The priest nodded. “He came into the church. When I came through from the sacristy he was sitting in one of the pews up front. He came up to me and asked if I’d hear his confession. It wasn’t the hour for confession, but he seemed distraught, so I agreed, of course.”
Jury waited. “And you’re going to say you cannot divulge the contents.”
A slight smile. “I expect so.”
“Despite his having been murdered.”
Father Martin looked at the floor. “Even so, I can’t see what possible connection there could be between that and what he said in confession.”
Surely, the man was not that stupid or disingenuous. “You’re not supposed to see it, Father. I am. I get paid to see it.” Even if I don’t know what “it” is. He thought again of Oswald’s talking about James’s figure in the carpet. “And that still doesn’t explain why you didn’t tell me this yesterday, when we first spoke.”
“I’m sorry. I didn’t tell you because—”
He was thinking again. Witnesses who told the truth didn’t have to think about it, normally.
“Because, since I knew I wouldn’t be telling you what he—what Billy—said in the confessional, I didn’t see how it would help you at all to know”—the priest shrugged—“that he’d said it in the confessional.”
“You know perfectly well it could make a difference, Father. A man is murdered in a hotel not far from here, a man who felt a need to confess. Dot, dot, dot. Now try and connect those dots, will you? Murder, dot; confession, dot dot; murder related to what was confessed, dot dot dot.”

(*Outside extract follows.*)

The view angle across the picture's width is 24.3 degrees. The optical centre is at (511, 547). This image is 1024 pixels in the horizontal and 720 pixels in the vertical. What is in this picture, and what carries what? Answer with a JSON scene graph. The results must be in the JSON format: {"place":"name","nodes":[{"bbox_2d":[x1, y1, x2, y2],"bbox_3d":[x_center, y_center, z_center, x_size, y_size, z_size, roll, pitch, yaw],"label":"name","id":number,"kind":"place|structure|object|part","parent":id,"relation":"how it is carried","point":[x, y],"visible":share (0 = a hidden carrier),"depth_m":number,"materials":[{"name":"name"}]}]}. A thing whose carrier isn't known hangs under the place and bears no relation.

“I’m sorry. But if I told you nothing was said during that confession that would have anything to do with your investigation?”
“I’d say you don’t know what you’re talking about.”
Father Martin was silent.
“Tell me about his state of mind.”
“Unhappy, certainly.”
“I was told Billy had dramatic mood swings, perhaps what we used to call manic depression.”

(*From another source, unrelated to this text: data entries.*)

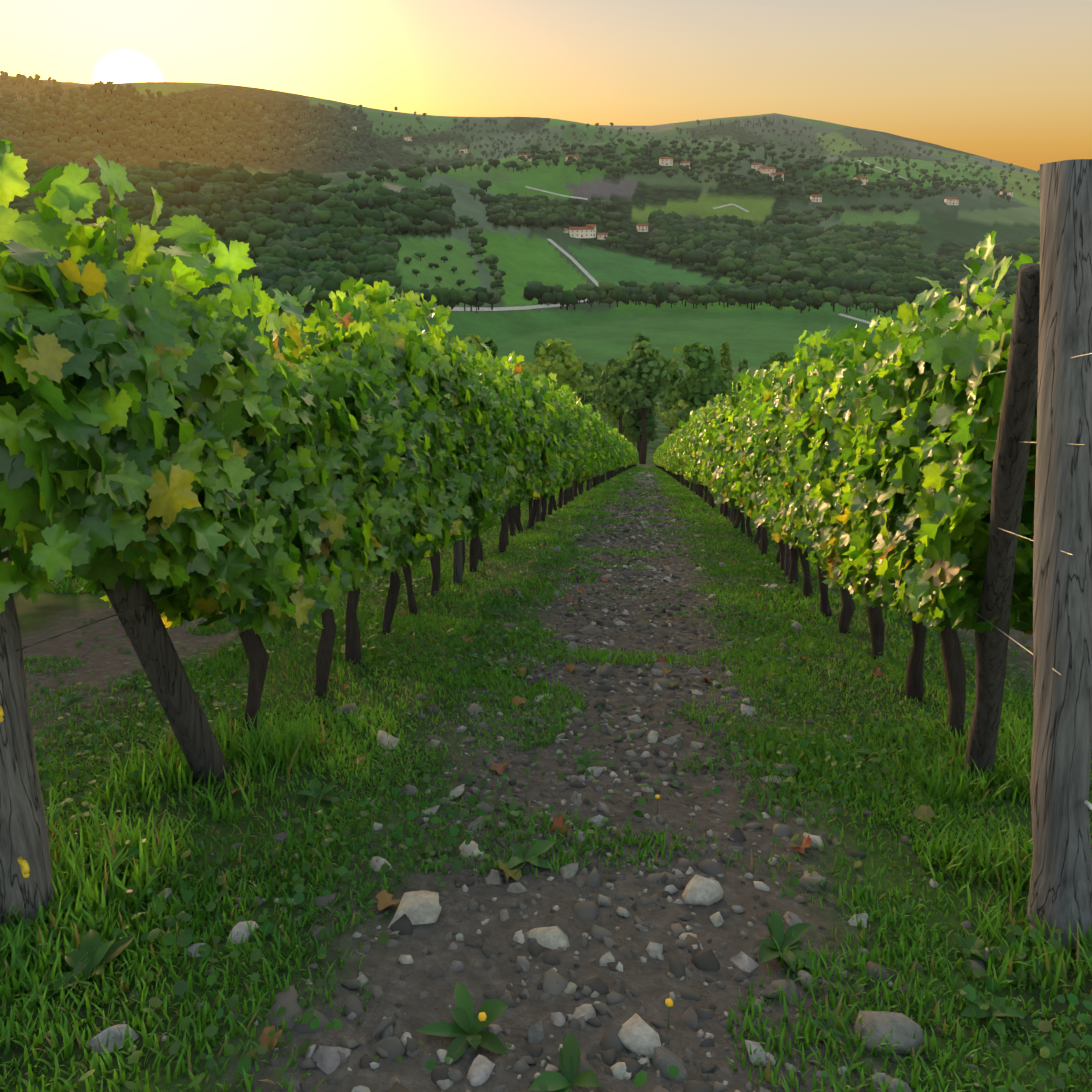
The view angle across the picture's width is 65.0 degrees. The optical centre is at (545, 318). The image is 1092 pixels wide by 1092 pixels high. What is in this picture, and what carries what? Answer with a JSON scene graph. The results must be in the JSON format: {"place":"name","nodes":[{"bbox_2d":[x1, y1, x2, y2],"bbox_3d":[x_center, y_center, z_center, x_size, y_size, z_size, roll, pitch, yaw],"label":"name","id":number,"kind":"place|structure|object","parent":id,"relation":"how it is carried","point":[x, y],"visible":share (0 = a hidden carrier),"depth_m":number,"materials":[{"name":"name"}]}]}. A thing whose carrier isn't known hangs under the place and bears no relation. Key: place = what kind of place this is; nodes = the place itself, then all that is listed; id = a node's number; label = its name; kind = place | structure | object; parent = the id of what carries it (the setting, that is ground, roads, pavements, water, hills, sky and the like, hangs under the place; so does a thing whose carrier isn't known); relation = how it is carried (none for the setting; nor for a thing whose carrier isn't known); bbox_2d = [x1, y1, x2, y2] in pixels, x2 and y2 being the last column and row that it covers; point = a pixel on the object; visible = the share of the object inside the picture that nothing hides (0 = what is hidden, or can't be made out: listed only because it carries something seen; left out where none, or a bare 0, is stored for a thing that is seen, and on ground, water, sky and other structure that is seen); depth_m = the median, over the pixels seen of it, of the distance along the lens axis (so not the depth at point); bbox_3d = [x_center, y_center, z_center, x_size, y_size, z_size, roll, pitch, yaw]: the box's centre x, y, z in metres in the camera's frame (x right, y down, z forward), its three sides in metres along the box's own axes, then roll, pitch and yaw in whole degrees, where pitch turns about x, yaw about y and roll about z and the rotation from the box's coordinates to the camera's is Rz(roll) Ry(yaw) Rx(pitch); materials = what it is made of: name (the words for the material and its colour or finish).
{"place":"outdoors","nodes":[
{"label":"outdoors","id":0,"kind":"place"},
{"bbox_2d":[0,75,1091,1091],"bbox_3d":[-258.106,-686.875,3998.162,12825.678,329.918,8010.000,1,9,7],"label":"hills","id":1,"kind":"structure","parent":0,"point":[600,333],"depth_m":3.60,"materials":[{"name":"soil"}]},
{"bbox_2d":[0,548,53,925],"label":"end post","id":2,"kind":"object","parent":1,"relation":"on","point":[23,830],"visible":0.38,"depth_m":2.29,"materials":[{"name":"grey wood"}]},
{"bbox_2d":[0,705,29,877],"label":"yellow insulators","id":3,"kind":"object","parent":2,"relation":"attached to","point":[25,868],"visible":1,"depth_m":2.21,"materials":[{"name":"yellow plastic"}]},
{"bbox_2d":[0,71,1039,315],"bbox_3d":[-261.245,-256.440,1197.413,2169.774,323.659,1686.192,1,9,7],"label":"trees","id":4,"kind":"object","parent":1,"relation":"on","point":[306,231],"visible":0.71,"depth_m":746.68,"materials":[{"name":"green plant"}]},
{"bbox_2d":[0,466,1091,1091],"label":"grass","id":5,"kind":"structure","parent":1,"relation":"on","point":[286,746],"depth_m":2.98,"materials":[{"name":"green plant"}]},
{"bbox_2d":[0,509,1091,1091],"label":"weeds","id":6,"kind":"object","parent":1,"relation":"on","point":[466,1029],"visible":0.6,"depth_m":2.79,"materials":[{"name":"green plant"}]},
{"bbox_2d":[46,471,1049,1091],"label":"stones","id":7,"kind":"object","parent":1,"relation":"on","point":[638,1035],"visible":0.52,"depth_m":2.39,"materials":[{"name":"stone"}]},
{"bbox_2d":[21,482,1091,1091],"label":"pebbles","id":8,"kind":"object","parent":1,"relation":"on","point":[553,984],"visible":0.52,"depth_m":2.58,"materials":[{"name":"grey stone"}]},
{"bbox_2d":[102,263,1039,783],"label":"end post braces","id":9,"kind":"object","parent":1,"relation":"on","point":[152,645],"visible":0.54,"depth_m":2.92,"materials":[{"name":"brown wood"}]},
{"bbox_2d":[478,794,672,1037],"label":"wild flowers","id":10,"kind":"object","parent":1,"relation":"on","point":[482,1016],"visible":0.9,"depth_m":1.97,"materials":[{"name":"yellow plant"}]},
{"bbox_2d":[231,493,934,1051],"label":"fallen leaves","id":11,"kind":"object","parent":1,"relation":"on","point":[385,897],"visible":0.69,"depth_m":3.08,"materials":[{"name":"orange plant"}]},
{"bbox_2d":[329,331,856,463],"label":"valley trees","id":12,"kind":"object","parent":1,"relation":"on","point":[620,389],"materials":[{"name":"green plant"}]},
{"bbox_2d":[453,343,790,583],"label":"vineyard posts","id":13,"kind":"object","parent":1,"relation":"on","point":[457,560],"visible":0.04,"depth_m":8.33,"materials":[{"name":"brown wood"}]},
{"bbox_2d":[351,126,1039,239],"bbox_3d":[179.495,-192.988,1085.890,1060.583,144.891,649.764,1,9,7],"label":"farmhouse walls","id":14,"kind":"structure","parent":1,"relation":"on","point":[669,162],"depth_m":937.57,"materials":[{"name":"beige paint"}]},
{"bbox_2d":[352,126,1011,238],"bbox_3d":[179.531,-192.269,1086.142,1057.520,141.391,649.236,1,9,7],"label":"farmhouse windows","id":15,"kind":"structure","parent":14,"relation":"attached to","point":[646,226],"depth_m":900.46,"materials":[{"name":"black glass"}]},
{"bbox_2d":[352,125,1039,234],"bbox_3d":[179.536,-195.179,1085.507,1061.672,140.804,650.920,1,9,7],"label":"farmhouse roofs","id":16,"kind":"structure","parent":14,"relation":"on","point":[590,226],"depth_m":936.16,"materials":[{"name":"tile"}]},
{"bbox_2d":[1027,159,1091,951],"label":"end post","id":17,"kind":"object","parent":1,"relation":"on","point":[1060,891],"visible":0.79,"depth_m":2.34,"materials":[{"name":"grey wood"}]},
{"bbox_2d":[14,318,1091,674],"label":"trellis wires","id":18,"kind":"object","parent":17,"relation":"attached to","point":[360,526],"visible":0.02,"depth_m":2.60,"materials":[{"name":"silver metal"}]},
{"bbox_2d":[1084,800,1091,810],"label":"white insulator","id":19,"kind":"object","parent":17,"relation":"attached to","point":[1088,804],"visible":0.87,"depth_m":2.32,"materials":[{"name":"white ceramic"}]},
{"bbox_2d":[0,0,1091,170],"label":"sky","id":20,"kind":"structure","parent":0,"point":[1007,81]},
{"bbox_2d":[370,160,906,325],"bbox_3d":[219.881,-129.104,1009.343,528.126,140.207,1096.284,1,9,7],"label":"dirt road","id":21,"kind":"structure","parent":0,"point":[590,277],"depth_m":631.66,"materials":[{"name":"beige soil"}]}
]}

“It’s possible. I would of course see him in the depressive side of that. People don’t generally want our help if they’re manic.” He gave Jury a weak smile.
“No. But you might be oversimplifying there.” There were too damned many ways of looking at a problem to see an answer clearly.
“How do you mean?”
“A person torn between faith and doubt,
say, wouldn’t necessarily be unhappy.”
The priest shook his head. “I think that would be the greatest unhappiness of all.”
Jury felt the man so self-satisfied he wanted to shout: Shut it, will you? These clerics with their preordained solutions. Instead he said, “If you’re considering the biggest question of all, happiness doesn’t even come into it, does it?”
“It sounds as if you’ve given the matter some thought.”
“No, I’ve given it no thought at all. Thanks for your time. I’ve got to be going.”
Jury rose and was halfway up the aisle when he turned and asked, “What about the third time?”
Father Martin looked puzzled. “The third time?”
“You said you’d seen him two or three times. When was the third?”
The priest frowned, thinking. “Oh, that would have been another time he came to church. Morning matins, I think.”
“He wasn’t a Catholic.”
“For some, that doesn’t keep them away.”
SIXTEEN
All of this having been said about Lamb House—and contrary to his refusal to go—Melrose immediately began to ready himself, if not in the sense of packing up the Bentley, then of trying on, like traveling clothes, various attitudes. The mere mention of Henry James did this to him, especially after that Henry James contest they had all begun in the Jack and Hammer, having been inspired by that ridiculous con man who’d turned up calling himself Lambert Strether.
And if there was ever a Lady Watermouth, she sat now opposite him on the sofa, stuffing in currant scones buttered, jammed, and double creamed. Nothing was left to the imagination on his aunt’s plate.
Melrose put aside his Hermit News, wondering where Mr. Blodgett had gotten to. It was high time he showed up as unkempt hermit, wild-eyed and shock-headed and raised-fisted, to rattle her and send her running. Sometimes it worked, sometimes not. Mr. Blodgett was as nice an old soul as Melrose had ever met, and it was hard for him to play the madman, no matter how much he was paid, and he was paid plenty.